ヒト試験の実施にあたっては、試験実施計画書をはじめ、問題なく実施できるか否かを倫理性や科学性の観点から審査する試験審査委員会に提出する資料など、書類作成業務も多く発生します。化粧品の場合は地方自治体への届出のみとなりますが、厚生労働大臣の販売許可が必要な医薬品や薬用化粧品の場合は、承認申請のための書類を作成するとともに承認審査機関からの質問事項にも対応します。
また、試験の推進のために、論文を読み込んだり、専門機関にアドバイスを求めたりといったことも大切な業務。当社が医薬品の外用剤開発を通してつながりを深めてきた皮膚科の先生と共同で臨床研究を進めることもあります。
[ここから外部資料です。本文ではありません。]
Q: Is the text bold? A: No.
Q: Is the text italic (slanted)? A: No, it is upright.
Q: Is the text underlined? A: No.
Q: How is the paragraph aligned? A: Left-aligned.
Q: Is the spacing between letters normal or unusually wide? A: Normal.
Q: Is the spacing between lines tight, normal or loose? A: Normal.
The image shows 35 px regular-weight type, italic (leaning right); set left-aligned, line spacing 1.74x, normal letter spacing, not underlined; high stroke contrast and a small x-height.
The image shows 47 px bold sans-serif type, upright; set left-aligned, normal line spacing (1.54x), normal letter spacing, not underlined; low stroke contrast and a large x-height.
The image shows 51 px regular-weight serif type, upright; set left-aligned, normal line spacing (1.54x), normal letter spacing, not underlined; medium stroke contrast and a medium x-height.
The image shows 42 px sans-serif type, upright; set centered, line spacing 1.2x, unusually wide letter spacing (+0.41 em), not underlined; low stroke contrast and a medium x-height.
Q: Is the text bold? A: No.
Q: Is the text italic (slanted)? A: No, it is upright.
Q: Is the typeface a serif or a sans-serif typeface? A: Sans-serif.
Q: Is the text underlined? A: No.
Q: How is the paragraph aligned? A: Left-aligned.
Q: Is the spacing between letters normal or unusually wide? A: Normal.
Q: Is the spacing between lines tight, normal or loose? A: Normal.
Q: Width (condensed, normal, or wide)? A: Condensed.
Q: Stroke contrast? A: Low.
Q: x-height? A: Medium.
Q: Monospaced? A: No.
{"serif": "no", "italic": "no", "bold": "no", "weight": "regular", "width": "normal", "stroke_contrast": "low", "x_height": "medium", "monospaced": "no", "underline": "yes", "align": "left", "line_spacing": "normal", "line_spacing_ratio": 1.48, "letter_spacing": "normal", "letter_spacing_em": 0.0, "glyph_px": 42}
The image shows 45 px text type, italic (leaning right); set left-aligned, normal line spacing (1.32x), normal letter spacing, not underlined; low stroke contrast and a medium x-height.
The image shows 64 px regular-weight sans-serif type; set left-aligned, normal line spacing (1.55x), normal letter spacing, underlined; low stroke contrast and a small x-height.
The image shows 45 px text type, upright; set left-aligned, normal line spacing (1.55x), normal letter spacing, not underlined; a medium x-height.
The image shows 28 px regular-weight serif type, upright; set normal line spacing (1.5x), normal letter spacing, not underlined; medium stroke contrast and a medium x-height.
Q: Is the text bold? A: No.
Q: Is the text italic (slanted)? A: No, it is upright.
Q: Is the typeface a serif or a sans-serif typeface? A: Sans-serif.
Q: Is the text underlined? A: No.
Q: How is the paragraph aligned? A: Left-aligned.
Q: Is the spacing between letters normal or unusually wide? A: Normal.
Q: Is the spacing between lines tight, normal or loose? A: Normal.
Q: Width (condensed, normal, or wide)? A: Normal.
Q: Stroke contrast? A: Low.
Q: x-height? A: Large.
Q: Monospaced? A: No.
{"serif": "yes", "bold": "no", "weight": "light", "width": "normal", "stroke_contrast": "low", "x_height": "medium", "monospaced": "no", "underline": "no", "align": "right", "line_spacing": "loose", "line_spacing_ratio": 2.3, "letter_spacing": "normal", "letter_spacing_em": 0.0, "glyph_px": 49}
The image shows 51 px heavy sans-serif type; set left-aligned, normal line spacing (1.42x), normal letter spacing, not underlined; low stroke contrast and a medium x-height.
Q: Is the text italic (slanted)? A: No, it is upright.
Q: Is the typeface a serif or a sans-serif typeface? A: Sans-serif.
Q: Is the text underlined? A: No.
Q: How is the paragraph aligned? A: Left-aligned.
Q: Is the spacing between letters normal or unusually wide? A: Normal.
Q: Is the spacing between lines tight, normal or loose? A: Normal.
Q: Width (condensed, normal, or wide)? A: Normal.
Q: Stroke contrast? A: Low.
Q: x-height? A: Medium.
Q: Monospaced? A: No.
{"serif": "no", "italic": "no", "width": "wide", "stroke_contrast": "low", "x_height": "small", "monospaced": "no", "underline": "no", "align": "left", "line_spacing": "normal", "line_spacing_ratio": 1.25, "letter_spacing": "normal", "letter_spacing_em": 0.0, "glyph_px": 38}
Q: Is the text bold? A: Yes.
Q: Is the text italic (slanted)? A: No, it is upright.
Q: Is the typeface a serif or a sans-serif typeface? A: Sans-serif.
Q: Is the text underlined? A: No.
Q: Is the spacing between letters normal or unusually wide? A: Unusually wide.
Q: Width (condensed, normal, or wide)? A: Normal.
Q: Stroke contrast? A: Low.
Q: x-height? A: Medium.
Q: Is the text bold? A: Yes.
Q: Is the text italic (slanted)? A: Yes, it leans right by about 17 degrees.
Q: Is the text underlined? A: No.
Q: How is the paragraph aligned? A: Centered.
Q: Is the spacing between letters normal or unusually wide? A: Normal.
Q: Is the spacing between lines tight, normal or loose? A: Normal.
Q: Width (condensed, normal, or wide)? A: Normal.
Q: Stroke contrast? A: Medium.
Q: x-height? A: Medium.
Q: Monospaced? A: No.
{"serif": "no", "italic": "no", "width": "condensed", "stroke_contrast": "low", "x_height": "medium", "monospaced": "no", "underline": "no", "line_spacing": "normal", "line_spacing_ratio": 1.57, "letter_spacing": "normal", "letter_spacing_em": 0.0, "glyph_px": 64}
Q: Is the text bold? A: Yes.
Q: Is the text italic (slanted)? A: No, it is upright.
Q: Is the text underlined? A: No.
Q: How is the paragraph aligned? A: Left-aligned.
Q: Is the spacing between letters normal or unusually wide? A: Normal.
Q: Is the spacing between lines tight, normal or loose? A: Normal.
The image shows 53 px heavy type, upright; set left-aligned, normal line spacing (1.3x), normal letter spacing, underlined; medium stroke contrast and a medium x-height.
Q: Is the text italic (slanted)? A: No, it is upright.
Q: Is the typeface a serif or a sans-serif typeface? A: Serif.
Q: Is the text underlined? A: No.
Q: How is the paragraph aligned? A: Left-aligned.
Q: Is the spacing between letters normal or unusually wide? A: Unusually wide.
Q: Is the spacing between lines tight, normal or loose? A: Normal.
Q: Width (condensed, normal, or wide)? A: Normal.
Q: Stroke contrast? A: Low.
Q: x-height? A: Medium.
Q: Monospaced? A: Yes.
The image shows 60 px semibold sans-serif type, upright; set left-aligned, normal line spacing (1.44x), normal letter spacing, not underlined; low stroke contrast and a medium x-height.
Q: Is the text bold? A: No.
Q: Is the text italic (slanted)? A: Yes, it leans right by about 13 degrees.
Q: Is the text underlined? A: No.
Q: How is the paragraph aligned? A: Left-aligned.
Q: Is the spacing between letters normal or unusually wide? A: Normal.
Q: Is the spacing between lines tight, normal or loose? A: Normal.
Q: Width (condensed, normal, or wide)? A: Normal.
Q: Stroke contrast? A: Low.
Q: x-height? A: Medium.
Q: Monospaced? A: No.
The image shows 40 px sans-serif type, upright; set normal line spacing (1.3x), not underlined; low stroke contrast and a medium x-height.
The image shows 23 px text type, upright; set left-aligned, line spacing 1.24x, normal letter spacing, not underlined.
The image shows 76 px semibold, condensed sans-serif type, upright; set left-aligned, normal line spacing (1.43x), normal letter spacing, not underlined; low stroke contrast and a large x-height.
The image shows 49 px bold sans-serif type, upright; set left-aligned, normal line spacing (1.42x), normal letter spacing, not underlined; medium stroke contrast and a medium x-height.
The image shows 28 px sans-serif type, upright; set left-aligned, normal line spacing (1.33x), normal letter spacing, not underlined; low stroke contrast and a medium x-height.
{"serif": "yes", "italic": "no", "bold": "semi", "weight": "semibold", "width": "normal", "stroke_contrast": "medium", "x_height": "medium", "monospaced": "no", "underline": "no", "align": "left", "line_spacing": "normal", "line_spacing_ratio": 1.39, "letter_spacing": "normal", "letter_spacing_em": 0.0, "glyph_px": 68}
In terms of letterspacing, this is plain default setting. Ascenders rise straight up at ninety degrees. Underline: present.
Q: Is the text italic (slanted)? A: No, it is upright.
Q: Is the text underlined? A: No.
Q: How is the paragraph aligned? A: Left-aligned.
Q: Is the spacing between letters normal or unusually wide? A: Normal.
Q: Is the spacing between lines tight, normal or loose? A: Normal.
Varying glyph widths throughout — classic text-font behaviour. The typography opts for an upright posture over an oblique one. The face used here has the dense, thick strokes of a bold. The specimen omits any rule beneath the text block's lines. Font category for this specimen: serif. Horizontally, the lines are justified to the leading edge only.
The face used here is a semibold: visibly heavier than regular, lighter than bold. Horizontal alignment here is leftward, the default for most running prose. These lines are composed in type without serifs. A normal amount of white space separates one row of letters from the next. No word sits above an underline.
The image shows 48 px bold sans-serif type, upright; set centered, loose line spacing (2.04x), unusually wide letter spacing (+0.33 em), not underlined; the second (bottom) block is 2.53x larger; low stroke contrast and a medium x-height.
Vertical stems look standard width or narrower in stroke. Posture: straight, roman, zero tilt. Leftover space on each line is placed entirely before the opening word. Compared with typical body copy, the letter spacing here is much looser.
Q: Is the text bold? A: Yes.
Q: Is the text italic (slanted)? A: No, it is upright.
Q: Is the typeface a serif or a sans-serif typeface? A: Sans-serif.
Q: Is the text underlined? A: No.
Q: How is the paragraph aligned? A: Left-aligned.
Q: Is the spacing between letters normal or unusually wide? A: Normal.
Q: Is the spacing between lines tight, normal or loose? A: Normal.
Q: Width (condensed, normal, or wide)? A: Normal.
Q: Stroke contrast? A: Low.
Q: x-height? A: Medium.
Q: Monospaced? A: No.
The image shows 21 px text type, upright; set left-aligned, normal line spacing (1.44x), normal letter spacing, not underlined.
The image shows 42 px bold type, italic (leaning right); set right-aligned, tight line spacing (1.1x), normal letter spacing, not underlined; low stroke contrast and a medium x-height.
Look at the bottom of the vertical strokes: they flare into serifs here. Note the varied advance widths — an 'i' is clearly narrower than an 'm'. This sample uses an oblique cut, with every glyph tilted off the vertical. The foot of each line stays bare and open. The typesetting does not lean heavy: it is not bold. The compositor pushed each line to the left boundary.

申請の必要がない化粧品も必ず臨床試験を行うのでしょうか?

多田

基礎研究や製剤研究でも安全性や有効性の評価を行っていますが、ヒトに使用して安全なのか?ヒトでも効果実感があるのか?などは仮説のようなもの。お客さまが安全に使用でき、本当に満足いただけるものだけをお届けするために、医薬品や薬用化粧品だけではなく化粧品であっても必ずヒトでの安全性や有効性を確かめますし、当社独自のかなり厳しい評価基準を設定しています。また実際にご使用いただき、使用感や満足度などヒトにおける反応を確かめて、はじめて自信を持って世に出すことができます。

藤田

大正製薬は、化粧品開発においてチャレンジャー的立場。多くの製品や情報がひしめく市場で、当社品を手に取ってもらえるか否かは、どれだけ独自技術や機能を製品に込められるかに掛かっているといえます。そのため、データで裏づけられたエビデンスは大きな武器になり得ます。
化粧品の広告ではルールが厳格に定められており、安全性や効能効果に関する臨床データを示すことはできません。それでもヒトで評価する目的の1つは、自らが設定した仮説を客観的に確かめること。品質がデータとして可視化されることで社内の士気も上がりますし、お客さまに自信を持ってお勧めすることができます。

新しいニーズを満たす世の中にない製品を

医薬品の臨床試験と化粧品の臨床試験では、どのような違いがありますか?

多田

医薬品では臨床試験を含む臨床開発期間として5年10年かかることもありますが、化粧品は多くの場合数ヶ月~1年程度と費やす期間がまったく異なります。発売時期も決まっているため、逆算して試験のスケジュールを組む必要もあります。
また医薬品は申請に必要なデータや評価指標が定まっているケースが多いですが、申請を伴わない化粧品は実施する試験内容の自由度が高いため、あらゆる角度から検討しながら試験を組み立てます。

藤田

医薬品は治すという普遍的な価値を提供するものなので、トレンドの変化に左右されづらいとも考えられますが、化粧品は短いスパンでトレンドが移り変わるため、常に先を見据えていないと乗り遅れてしまいます。次々とコンセプトを立案して製品化に向けて動き、場合によっては進めていた案件を止めたり、変更したりといったことも。スピード感と臨機応変さが求められる分野です。

化粧品の臨床試験で苦労したことはありますか?

多田

新たなメカニズムに基づいたスキンケア製剤の臨床試験を担当したのですが、期待される機能を評価する適切な手法がなく、有効性の立証には苦労しました。
例えばツヤや透明感は、個人の感覚による部分が大きいことに加えて評価の手法も確立していないため、客観的な数値での評価が難しい効果。試験方法を規定するガイドラインもありません。様々な文献を調べ、こういった結果が出ればツヤや透明感が立証できるのではないかという仮説を立て、評価に使用する機器の選定も含めて試験を組み立てました。目で見た印象も重要ですが、客観的な数値で示すことでデータの説得力も増すため、数値で結果を出せる方法をできる限り探るようにしています。

藤田

基礎研究や製剤研究でも厳しく評価しているため、ヒトで実施する臨床試験の段階まで安全性に大きく問題のある製剤が上がってくる可能性は非常に低いです。一方で有効性に関しては、細胞レベルの薬理評価では良好な結果が出ても、ヒトでの評価で結果が出ない場合も。大正製薬が独自に設定している評価基準を満たさず、製品化を見送った例も少なくありません。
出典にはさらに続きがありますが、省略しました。